(Beginning of MATERIAL PROVIDED)

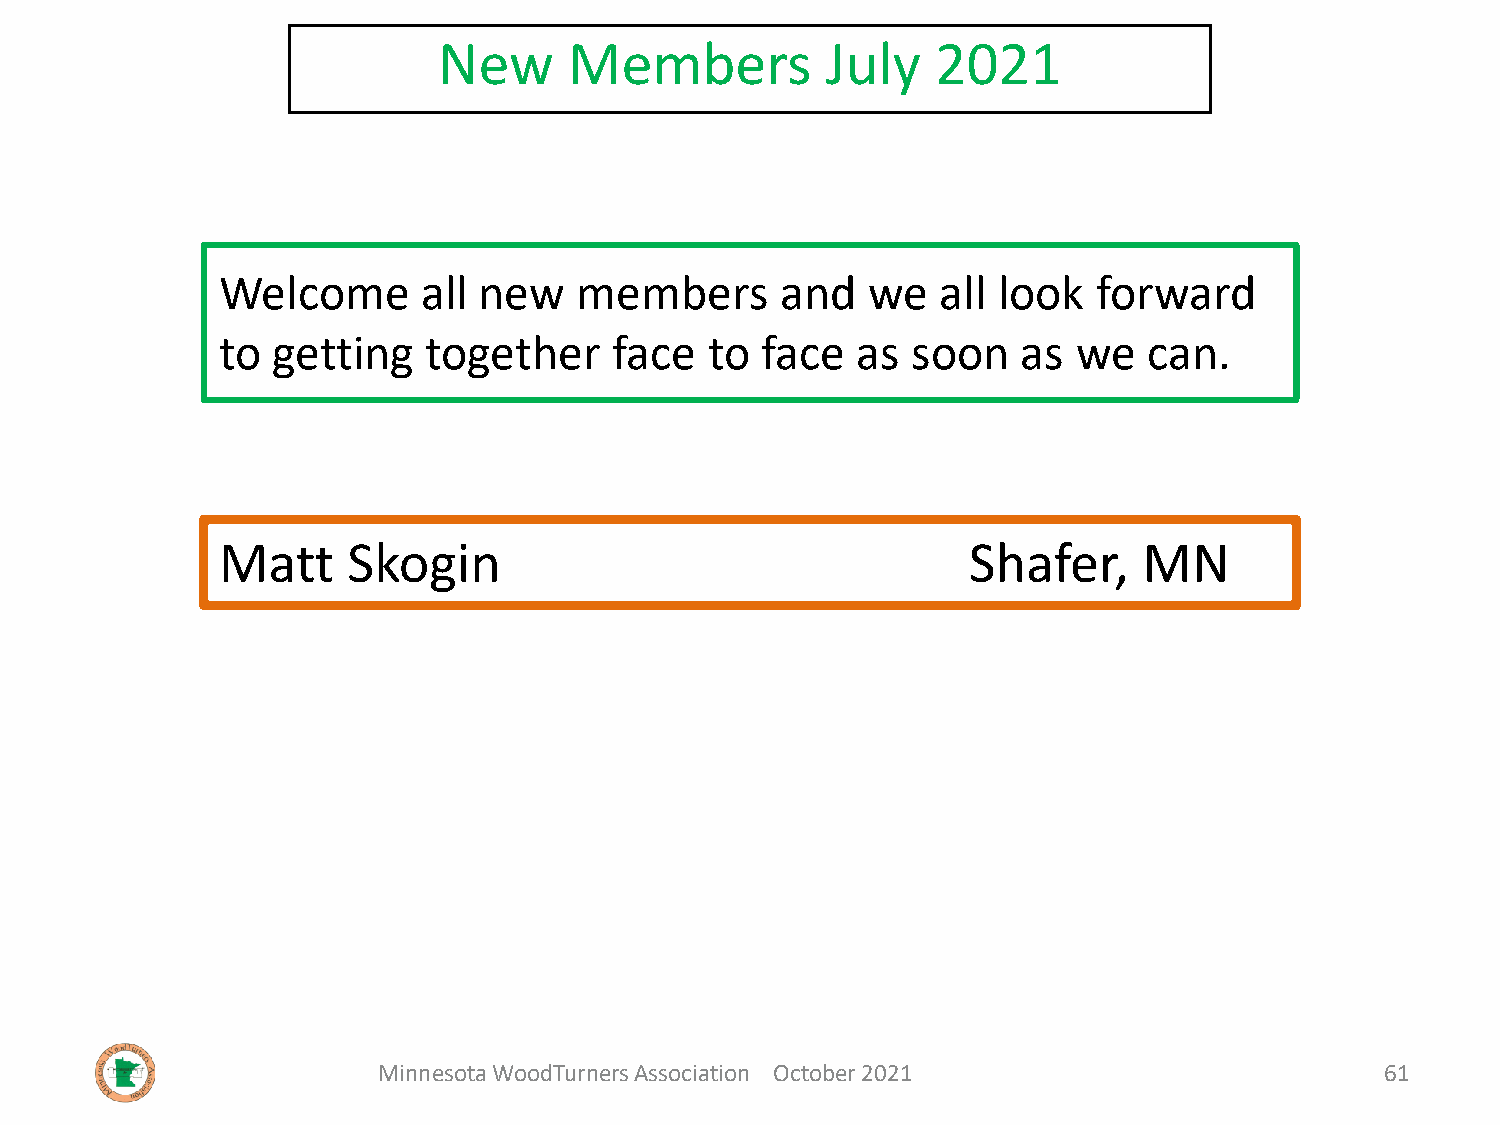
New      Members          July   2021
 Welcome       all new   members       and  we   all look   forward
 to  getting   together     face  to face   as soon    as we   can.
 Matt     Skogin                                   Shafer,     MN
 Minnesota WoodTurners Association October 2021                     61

(End of MATERIAL PROVIDED)
(Beginning of MATERIAL PROVIDED)

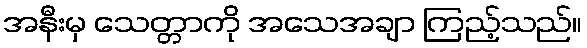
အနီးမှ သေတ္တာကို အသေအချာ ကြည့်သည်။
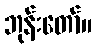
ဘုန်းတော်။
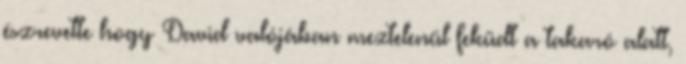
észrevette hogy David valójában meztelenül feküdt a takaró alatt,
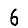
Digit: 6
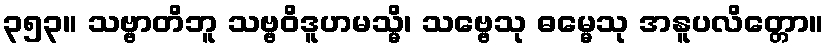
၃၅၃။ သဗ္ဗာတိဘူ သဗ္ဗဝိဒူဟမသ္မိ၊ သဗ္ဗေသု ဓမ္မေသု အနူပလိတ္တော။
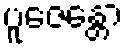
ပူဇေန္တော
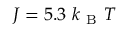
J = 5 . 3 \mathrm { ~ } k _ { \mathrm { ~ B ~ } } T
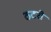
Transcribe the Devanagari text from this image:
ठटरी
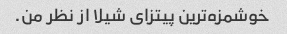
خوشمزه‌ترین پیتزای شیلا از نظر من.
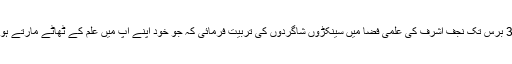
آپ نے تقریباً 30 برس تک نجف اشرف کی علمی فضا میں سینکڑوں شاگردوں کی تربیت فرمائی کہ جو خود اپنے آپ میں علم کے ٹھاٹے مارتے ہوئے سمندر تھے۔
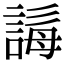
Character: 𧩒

(End of MATERIAL PROVIDED)

Treat the line with "အနီးမှ သေတ္တာကို အသေအချာ ကြည့်သည်။" as the start and the line with "Character: 𧩒" as the end, and return exactly that span of the data above, both ends included, without pictures.

- [ANSWER TO THIS EXERCISE]:
အနီးမှ သေတ္တာကို အသေအချာ ကြည့်သည်။
ဘုန်းတော်။
észrevette hogy David valójában meztelenül feküdt a takaró alatt,
Digit: 6
၃၅၃။ သဗ္ဗာတိဘူ သဗ္ဗဝိဒူဟမသ္မိ၊ သဗ္ဗေသု ဓမ္မေသု အနူပလိတ္တော။
ပူဇေန္တော
J = 5 . 3 \mathrm { ~ } k _ { \mathrm { ~ B ~ } } T
Transcribe the Devanagari text from this image:
ठटरी
خوشمزه‌ترین پیتزای شیلا از نظر من.
آپ نے تقریباً 30 برس تک نجف اشرف کی علمی فضا میں سینکڑوں شاگردوں کی تربیت فرمائی کہ جو خود اپنے آپ میں علم کے ٹھاٹے مارتے ہوئے سمندر تھے۔
Character: 𧩒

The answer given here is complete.